You work hard to make your clients happy and earn awesome customer reviews.
So why let someone else own and control that review content?
The value of reviews goes far beyond five stars. Reviews have the ability to increase your SEO, drive more traffic to your site, and build customer trust in your brand.
However, if you don’t own your customer reviews, you miss out on these benefits…and more.
Don’t miss out on your review content’s value.
Here are 5 of the biggest risks of letting someone else own your review content.
1) Your SEO will suffer
SEO is complicated and relies on a variety of factors, which is why it’s impossible to directly correlate organic traffic increase to any single factor.
Over the course of three months, you can see the impact reviews had on their SEO.

Reviews have serious SEO benefits. When you don’t own your reviews, you’re giving all that SEO juice to another company.
You’re allowing another site to rank higher than you in search engines – using your content to do so!
When search engines crawl the web, they look through a site’s content to rank them in results. If your content is on another company’s site, search engines won’t see it when they crawl your content.
When you own your own reviews, you not only have the content on your site, but you can also add a minisite, or a static webpage with all the data generated from product reviews, that makes it even easier for search engines to crawl.
[Tweet “When you don’t own your reviews, you’re giving away SEO juice.”]
Owning your content is vital for both eCommerce and local SEO strategies.
2) You’ll miss out on high-converting organic traffic
Reviews are super powerful for building long-tail keywords. These longer keywords have very high purchase intent because people searching for them are often very close to purchasing a specific item.
Stores that rank well for many long-tail keywords see that the results are often greater than just ranking well for one big keyword.
Why?
When people write reviews, they may say something like, “These are the most affordable tennis shoes I’ve bought in years!”
While your site may be optimized for big keywords like “tennis shoes,” “budget tennis shoes,” and “comfortable tennis shoes” in search engines, maybe you never thought to optimize for “most affordable tennis shoes.” After all, you can’t rank for everything.
Luckily, this review content allows you to show up at the top of search results for tons of long-tail keyword phrases like this. People searching for such specific items tend to have high conversion rates because they know exactly what they want.
By putting your review content in someone else’s hands, you won’t get the sales from all these long-tail searches.
[Tweet “Not owning your review content means you miss out on long-tail keywords.”]
3) Your traffic will wander away
Not only are you missing out on organic traffic to your site, but you’re also letting potential customers go to another site before yours.
Your goal should be to appear at the top of search engines and get traffic to your site. Using another site to host reviews means that traffic goes to them first, not you.
Also, when your reviews are on another site, you’re allowing customers to see you lined up right next to tons of your competitors. You want customers to come to your site, to see your brand, and to assess you and only you.

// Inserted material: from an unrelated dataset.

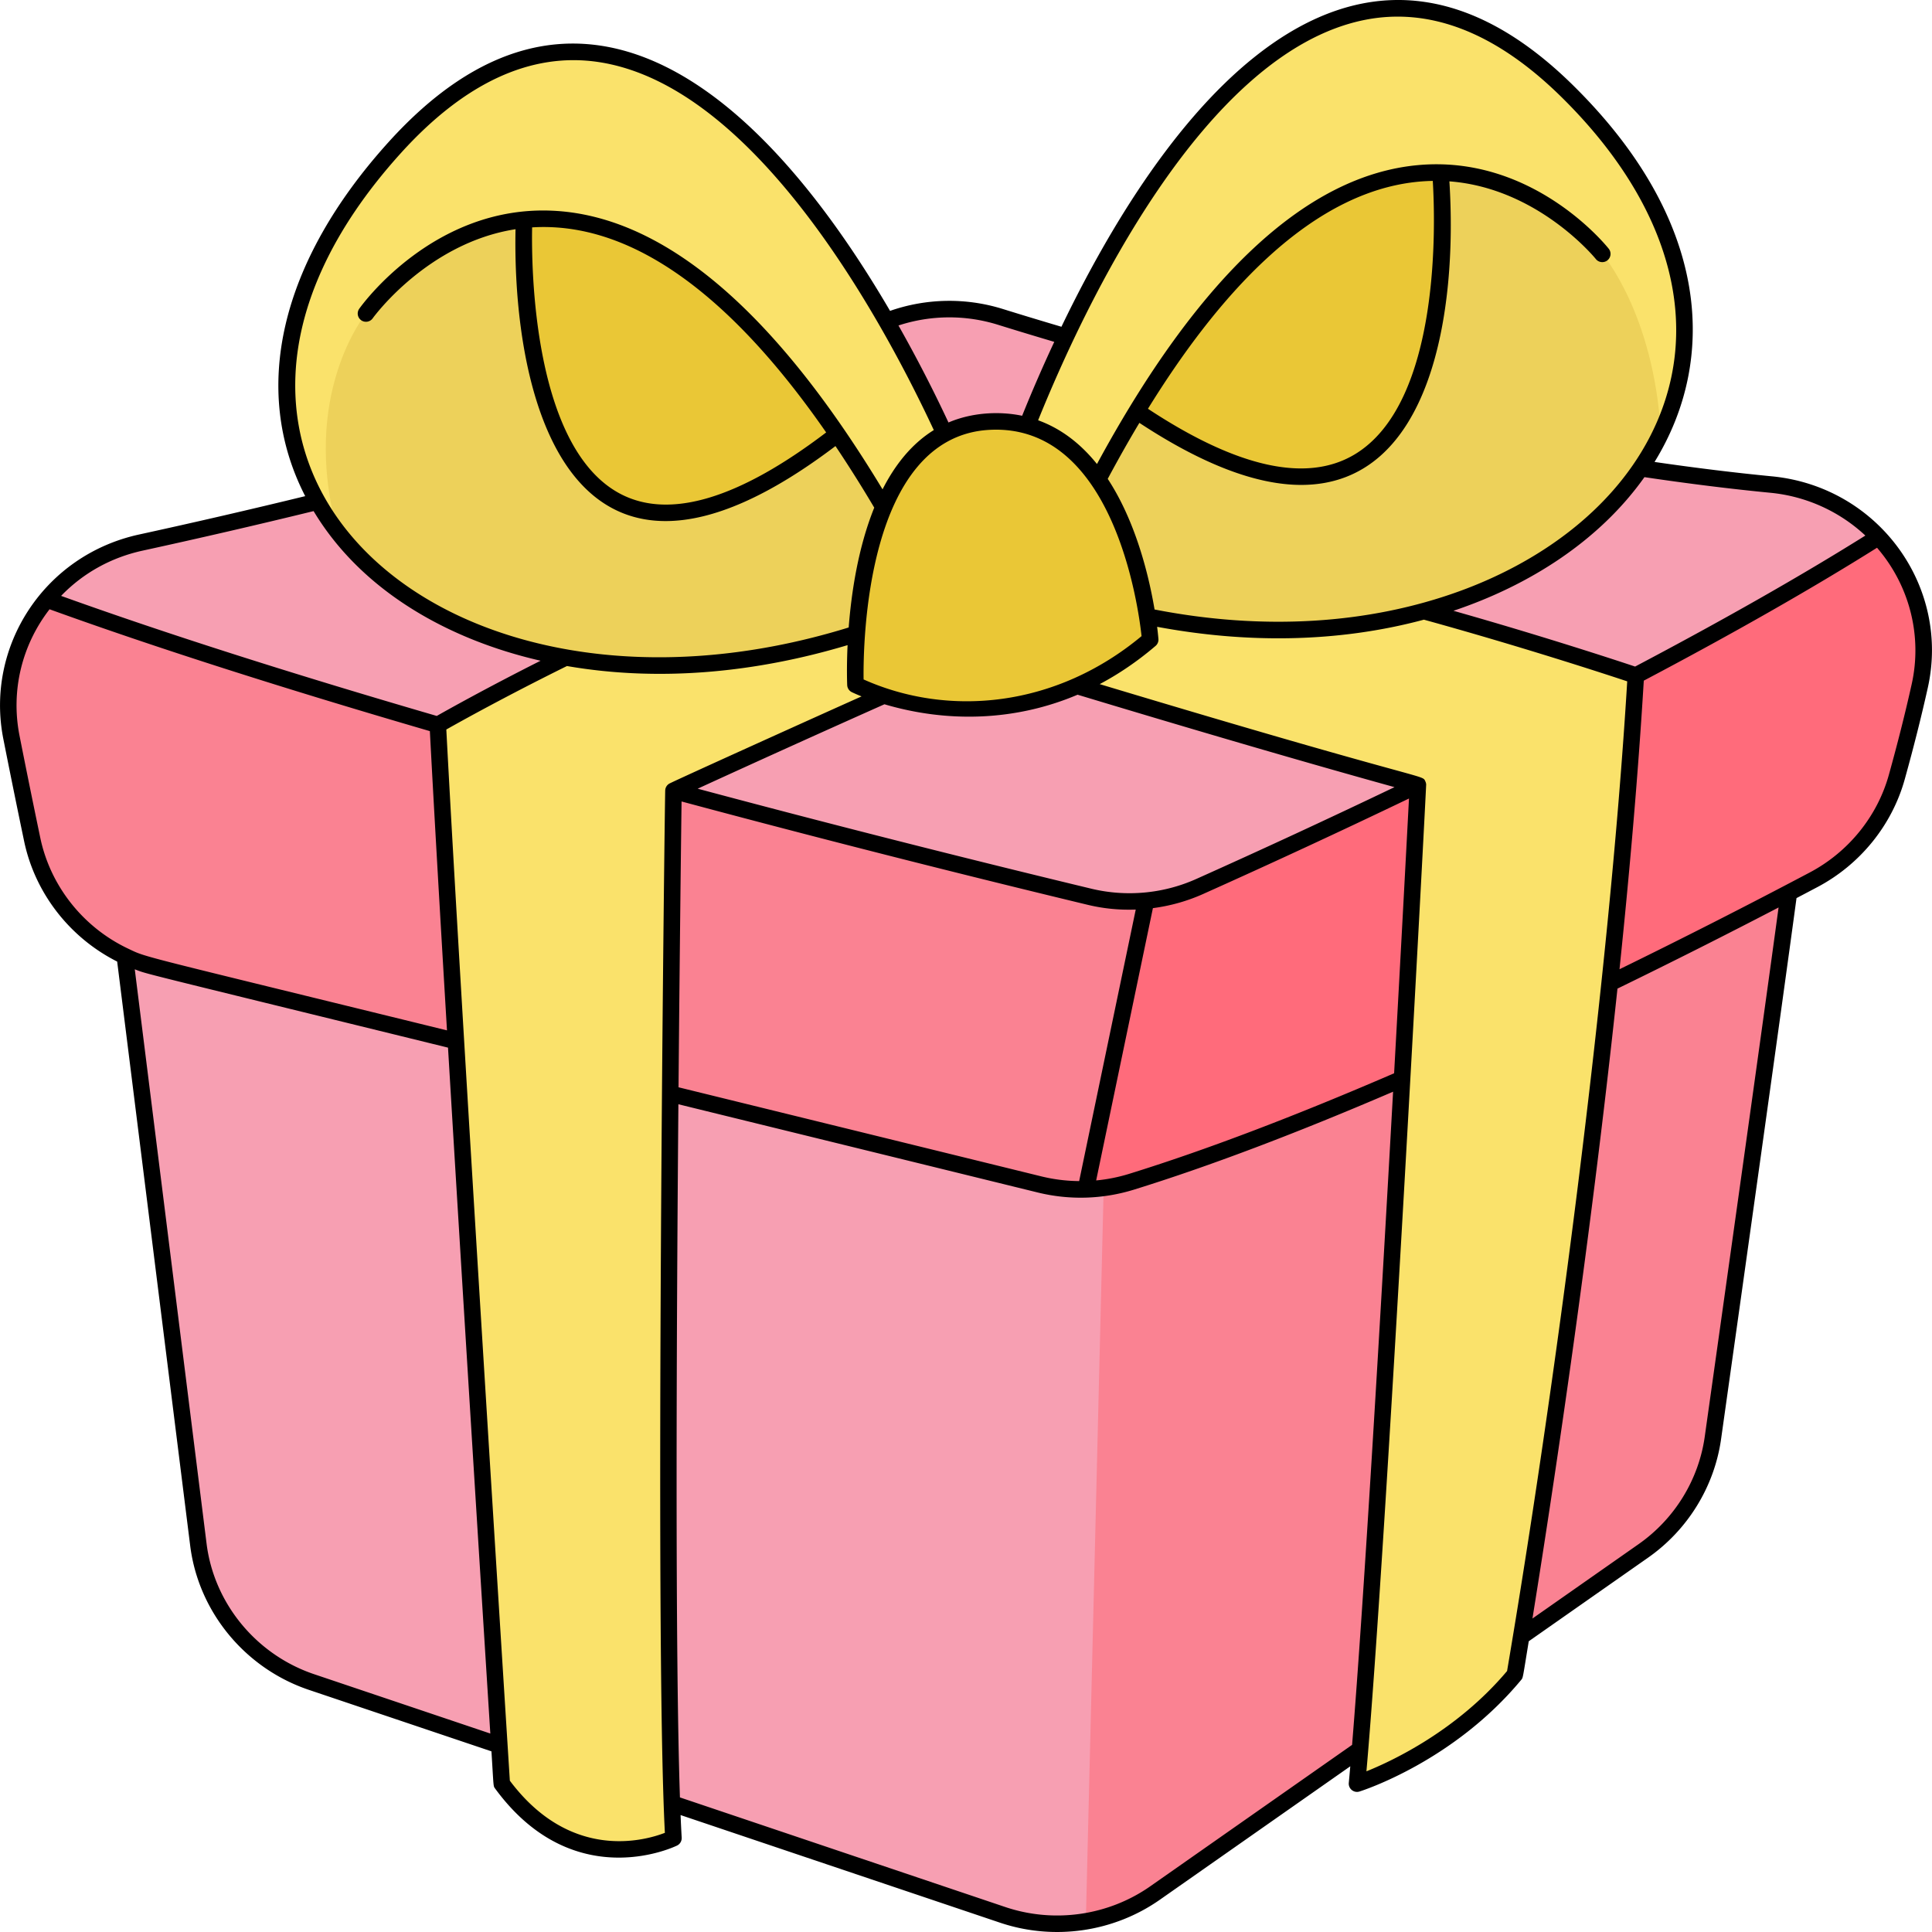 <svg xmlns="http://www.w3.org/2000/svg" version="1.1" xmlns:xlink="http://www.w3.org/1999/xlink" width="120" height="120" x="0" y="0" viewBox="0 0 468.008 468.008" style="enable-background:new 0 0 512 512" xml:space="preserve" class=""><g><path fill="#f79fb2" d="M434.835 204.508c0 2.4-14.11 102.74-19.9 143.82-1.56 11.02-7.65 20.92-16.85 27.36l-118.26 82.86c-10.509 7.379-24.307 9.576-36.96 5.3l-167.4-56.39c-14.85-5-25.49-17.93-27.41-33.28l-20.51-164.06c10.997-.151 395.312-5.438 407.29-5.61z" opacity="1" data-original="#f79fb2" class=""></path><path fill="#fa8292" d="M434.835 204.508c0 2.4-14.11 102.74-19.9 143.82-1.56 11.02-7.65 20.92-16.85 27.36l-118.26 82.86a41.14 41.14 0 0 1-16.79 6.88l4.32-177.68 160.5-83.14z" opacity="1" data-original="#fa8292"></path><path fill="#fa8292" d="M465.035 166.188c-1.47 6.61-3.3 13.95-5.55 22.03-2.96 10.67-10.26 19.66-20.14 24.89-31.75 16.8-107.04 55.14-165.28 73.17a41.62 41.62 0 0 1-22.16.66c-36.57-8.99-156.64-38.46-213.9-52.55-15.3-3.76-27.04-15.83-30.21-31.06-1.56-7.46-3.3-15.99-5.03-24.74-4.223-21.429 9.576-42.408 31.37-47.16 46.14-10.05 124.08-29.03 179.3-53.13 9.1-3.96 19.34-4.51 28.83-1.56 32.8 10.19 113.78 33.57 186.78 40.64 24.277 2.344 41.288 25.092 35.99 48.81z" opacity="1" data-original="#fa8292"></path><path fill="#ff6b7b" d="M465.035 166.188c-1.47 6.61-3.3 13.95-5.55 22.03-2.96 10.67-10.26 19.66-20.14 24.89-31.75 16.8-107.04 55.14-165.28 73.17-5.645 1.745-9.115 1.6-11.03 1.84 0-.1-.185.876 14.58-69.93l166.59-96.31c15.785 8.201 24.9 26.091 20.83 44.31z" opacity="1" data-original="#ff6b7b"></path><path fill="#f79fb2" d="M455.063 130.092c-54.106 34.22-133.617 70.844-164.51 84.677a41.511 41.511 0 0 1-26.633 2.464c-41.511-9.976-168.257-41.349-252.591-72.015 5.621-6.755 13.496-11.764 22.803-13.793 46.14-10.047 124.084-29.03 179.306-53.123 9.093-3.968 19.332-4.514 28.824-1.565 32.798 10.188 113.783 33.574 186.781 40.642 10.425 1.01 19.477 5.756 26.02 12.713z" opacity="1" data-original="#f79fb2" class=""></path><g fill="#fae26b"><path d="M366.95 405.657s22.867-133.119 29.315-242.024c0 0-91.73-31.075-133.546-31.075s-50.272 18.762-50.272 18.762 76.767 23.987 131.037 38.843c0 0-9.83 189.087-14.763 241.899 0 .002 22.1-6.954 38.229-26.405z" fill="#fae26b" opacity="1" data-original="#fae26b"></path><path d="M254.728 151.321c-2.819 0-61.267 26.256-91.589 40.229 0 0-2.798 205.768 0 253.716 0 0-23.276 11.813-41.598-13.203 0 0-11.947-188.428-15.487-256.475 0 0 62.701-36.081 106.392-45.115s42.282 20.848 42.282 20.848z" fill="#fae26b" opacity="1" data-original="#fae26b"></path><path d="M402.325 104.928v.01c-18.06 37.89-76.59 60.62-142.47 39.71-2.87-.91-5.76-1.9-8.65-2.98l-6.5-27.64s56.87-168.64 134.82-92.07c29.43 28.91 34.23 58.98 22.8 82.97z" fill="#fae26b" opacity="1" data-original="#fae26b"></path></g><path fill="#edd15a" d="M402.325 104.928v.01c-18.06 37.89-76.59 60.62-142.47 39.71v-16.46c17.647-36.205 48.843-87.295 89.08-86.38 23.98.54 39.2 19.69 39.2 19.69s12.5 14.361 14.19 43.43z" opacity="1" data-original="#edd15a"></path><path fill="#eac736" d="M275.365 99.618v-.02c28.06-46.03 53.79-58.24 73.57-57.79 0 0 10.63 114.76-73.57 57.81z" opacity="1" data-original="#eac736"></path><path fill="#fae26b" d="m234.065 117.188-5.32 28.1c-65.509 29.989-123.499 13.886-146.98-16.52v-.01c-18.36-23.77-17.89-57.88 13.82-92.97 74.58-82.52 138.48 81.4 138.48 81.4z" opacity="1" data-original="#fae26b"></path><path fill="#edd15a" d="M219.545 132.508v16.71c-59.45 23.57-114.18 10.11-137.78-20.45v-.01c-9.23-33.23 6.89-52.81 6.89-52.81s14.38-20.31 38.3-22.72c39.968-4.053 73.228 44.171 92.59 79.28z" opacity="1" data-original="#edd15a"></path><path fill="#eac736" d="M202.845 105.188c-81.65 63.44-75.89-51.96-75.89-51.96 19.72-1.999 45.93 8.181 75.89 51.96zM278.625 154.945s-4.192-54.79-39.111-52.81-32.289 63.736-32.289 63.736 36.716 18.705 71.4-10.926z" opacity="1" data-original="#eac736"></path><path d="M429.237 115.388c-8.952-.867-18.508-2.04-28.439-3.486 15.484-25.155 13.259-58.827-19.873-91.37-49.316-48.445-93.669-3.951-123.804 58.622-4.999-1.48-9.797-2.934-14.263-4.325a43.597 43.597 0 0 0-27.251.478c-33.445-57.211-77.252-89.829-121.506-40.86-26.271 29.067-33.426 59.964-20.167 85.74a1695.912 1695.912 0 0 1-40.225 9.288C10.653 134.501-3.599 156.646.803 178.977a2369.064 2369.064 0 0 0 5.034 24.76c2.616 12.56 11.016 23.387 22.546 29.194L46.07 374.427c2.002 16.01 13.29 29.72 28.756 34.927l44.22 14.892c.556 8.803.42 8.369.885 9.004 9.862 13.465 21.23 16.738 29.957 16.738 8.175 0 14.031-2.875 14.151-2.936a2 2 0 0 0 1.092-1.899 337.416 337.416 0 0 1-.267-5.472l77.361 26.064c13.04 4.396 27.525 2.31 38.746-5.558l46.121-32.318c-.123 1.407-.243 2.76-.36 4.014-.133 1.422 1.231 2.524 2.592 2.094.926-.292 22.851-7.363 39.169-27.041.463-.558.348-.292 1.832-9.355l28.905-20.253c9.607-6.725 16.052-17.192 17.684-28.72 5.259-37.324 14.561-103.53 18.273-131.05 1.816-.952 3.525-1.853 5.092-2.682 10.342-5.475 18.045-14.996 21.132-26.121 2.149-7.718 4.024-15.164 5.575-22.131 5.508-24.66-12.035-48.744-37.749-51.236zm-.385 3.981a39.219 39.219 0 0 1 23.013 10.366c-15.502 9.705-34.245 20.37-55.777 31.734-3.943-1.316-21.895-7.243-44.007-13.512 18.274-6.124 35.266-16.854 46.269-32.373 10.666 1.583 20.925 2.858 30.502 3.785zM330.136 4.916c15.95-3.367 32.087 2.849 47.987 18.469 27.291 26.807 35.023 57.079 21.213 83.052-9.358 17.6-26.87 29.89-45.739 36.757-22.124 8.052-47.656 9.574-73.917 4.449-1.806-10.702-5.383-22.574-11.344-31.643 2.544-4.756 5.1-9.276 7.668-13.566 15.193 10.001 28.314 15.033 39.213 15.032 31.537-.003 37.893-42.005 35.884-73.535 21.468 1.617 35.317 18.623 35.47 18.814a2 2 0 0 0 3.13-2.491c-.741-.933-18.473-22.812-46.242-20.252-26.897 2.478-53.039 26.844-77.728 72.404-4.103-5.105-8.881-8.66-14.256-10.597 11.304-27.961 40.017-88.733 78.661-96.893zM279.28 219.987a43.381 43.381 0 0 0 12.092-3.393 2096.237 2096.237 0 0 0 49.941-23.163c-.469 8.918-1.833 34.693-3.603 66.559-24.219 10.471-45.829 18.674-64.234 24.377a39.534 39.534 0 0 1-7.941 1.582zm-17.865 66.12a39.593 39.593 0 0 1-9.032-1.11c-21.397-5.263-75.894-18.637-88.015-21.613.29-33.85.627-60.991.733-69.236 39.919 10.724 75.415 19.505 98.345 25.025 4.032.973 7.85 1.294 11.675 1.16zm28.323-73.164a39.634 39.634 0 0 1-25.355 2.341c-22.358-5.382-56.673-13.868-95.382-24.232a4828.454 4828.454 0 0 1 45.248-20.45c15.26 4.517 31.704 4.093 46.785-2.317 21.196 6.4 50.922 15.232 76.771 22.391a2086.843 2086.843 0 0 1-48.067 22.267zm-80.542-48.354c-.115-8.457.473-58.759 30.432-60.458 30.034-1.675 36.11 42.669 36.903 49.962-20.807 17.315-46.766 19.692-67.335 10.496zm68.884-65.57c15.569-25.196 39.435-54.686 68.996-55.197.59 9.549 2.115 53.81-19.044 66.327-11.584 6.852-28.385 3.102-49.952-11.13zm-36.41-20.371c4.304 1.341 8.917 2.74 13.717 4.163a362.747 362.747 0 0 0-7.784 17.904c-5.569-1.159-12.156-.802-17.843 1.629a340.61 340.61 0 0 0-12.115-23.499 39.59 39.59 0 0 1 24.025-.197zM97.068 37.13c15.51-17.161 31.679-24.587 48.045-22.082 38.094 5.834 68.866 62.941 81.091 89.135-5.399 3.343-9.421 8.464-12.416 14.359-26.378-43.667-53.327-66.381-80.137-67.507-28.587-1.209-45.906 22.738-46.628 23.757a1.999 1.999 0 0 0 .475 2.787 2.002 2.002 0 0 0 2.788-.473c.146-.206 13.23-18.259 34.595-21.58-.607 29.601 6.613 70.698 36.365 70.698 11.418 0 25.194-6.086 41.138-18.167a313.428 313.428 0 0 1 9.395 14.918c-3.909 9.659-5.539 20.59-6.193 29.026C107.734 182.232 29.04 112.398 97.068 37.13zm103.062 67.625c-21.152 16.075-37.889 21.099-49.771 14.917-21.346-11.111-21.642-55.226-21.458-64.591 29.419-1.827 54.489 25.547 71.229 49.674zM34.561 133.383c13.9-3.03 27.817-6.25 41.405-9.572 11.657 19.393 32.674 31.133 54.988 36.244-12.946 6.522-22.502 11.874-25.152 13.376-35.537-10.35-66.121-20.127-91.001-29.085 5.331-5.522 12.105-9.294 19.76-10.963zM9.753 202.919a2376.738 2376.738 0 0 1-5.026-24.718c-2.13-10.815.527-21.888 7.278-30.612 25.086 9.081 56.062 19.007 92.127 29.52.942 17.959 2.442 43.923 4.146 72.49-76.211-18.714-72.526-17.562-77.19-19.78-10.922-5.145-18.899-15.2-21.335-26.9zm66.351 202.644c-14.021-4.721-24.251-17.137-26.064-31.632L32.648 234.808c3.358 1.259-1.811-.105 75.879 18.971 3.771 63.067 8.431 137.346 10.247 166.154zm86.141-215.797a1.979 1.979 0 0 0-1.104 1.719c-.117 2.942-2.613 204.44-.08 252.5-4.716 1.831-22.78 7.078-37.557-12.632-.737-11.645-11.911-188.279-15.388-254.636 3.391-1.915 14.586-8.149 29.226-15.378 22.627 3.915 45.983 1.531 67.977-5.062-.252 5.371-.117 9.079-.092 9.679.03.721.447 1.37 1.09 1.697.055.028.896.443 2.392 1.041-11.359 5.077-44.032 19.848-46.464 21.072zm165.286 232.912-48.854 34.233c-10.191 7.146-23.341 9.031-35.173 5.042l-78.797-26.548c-1.167-34.979-.853-110.201-.374-167.911a258480.63 258480.63 0 0 1 87.096 21.387 43.609 43.609 0 0 0 23.227-.692c18.076-5.601 39.197-13.586 62.804-23.736-3.003 53.879-7.064 123.144-9.929 158.225zm37.543-17.887c-12.117 14.396-27.72 21.74-34.071 24.298 4.844-54.895 14.519-238.497 14.47-239.089a2.155 2.155 0 0 0-.186-.7c-.894-1.856 2.12.813-78.895-23.577 4.499-2.393 9.036-5.417 13.532-9.258a2 2 0 0 0 .695-1.673 65.662 65.662 0 0 0-.318-2.953c21.205 3.956 43.384 3.969 64.626-1.73 23.669 6.54 43.806 13.132 49.25 14.94-4.445 73.417-17.783 172.959-29.103 239.742zm47.88-56.743c-1.477 10.433-7.314 19.911-16.017 26.002l-25.716 18.019c4.291-26.615 13.712-87.829 20.593-152.588a1645.5 1645.5 0 0 0 39.03-19.655c-3.932 28.981-12.803 92.118-17.89 128.222zm50.129-182.294c-1.535 6.9-3.394 14.278-5.524 21.93-2.795 10.072-9.775 18.694-19.149 23.657a1639.08 1639.08 0 0 1-46.102 23.45c2.437-23.429 4.519-47.216 5.884-69.909 21.844-11.535 40.835-22.358 56.5-32.197 7.866 9.115 11.009 21.348 8.391 33.069z" fill="#000000" opacity="1" data-original="#000000"></path></g></svg>

You don’t want them to possibly happen upon your company in a list of 50 other stores and then compare and contrast in their head which is best.
You should always bring traffic directly to you, without any detours in the process.
If you own your customer reviews, you can have complete control over where they’re displayed, how they’re displayed, and how you can leverage the content for marketing. You can use reviews to drive even more traffic by repurposing the content in social ads and more.

4) Your reputation will be out of your control
When you allow another company to have your reviews, you lose the ability to access the valuable data about those reviews and use it to help you make smarter business choices.
You also put your reputation at risk – you can’t control fake reviews or fight back against inaccurate claims.
When you own your review content, you can know confidently the reviews are genuine.
Additionally, you can moderate reviews to make sure that only verified reviews are being posted and that negative product reviews receive a response, thus focusing on how to make customers happy and take-in their valuable feedback.
You don’t risk your reputation being tarnished by a competitor or having a review associated with your brand name filled with inappropriate comments or curse words.
5) You put your customer reviews at risk
In case we haven’t said it enough: your review content is extremely valuable. By letting someone else own your content, you also let them own the value of that content.
You need to be able to export reviews in case you switch to a different review platform, and also able to import all your past reviews so you never lose that valuable data.
Sure, you can re-post the original reviews on your site, but how can you (or shoppers) trust their authenticity?
The only way to vouch for your customer reviews confidently is by owning the content yourself.
Conclusion
Make sure you understand the full implications of letting a third-party company own your review content.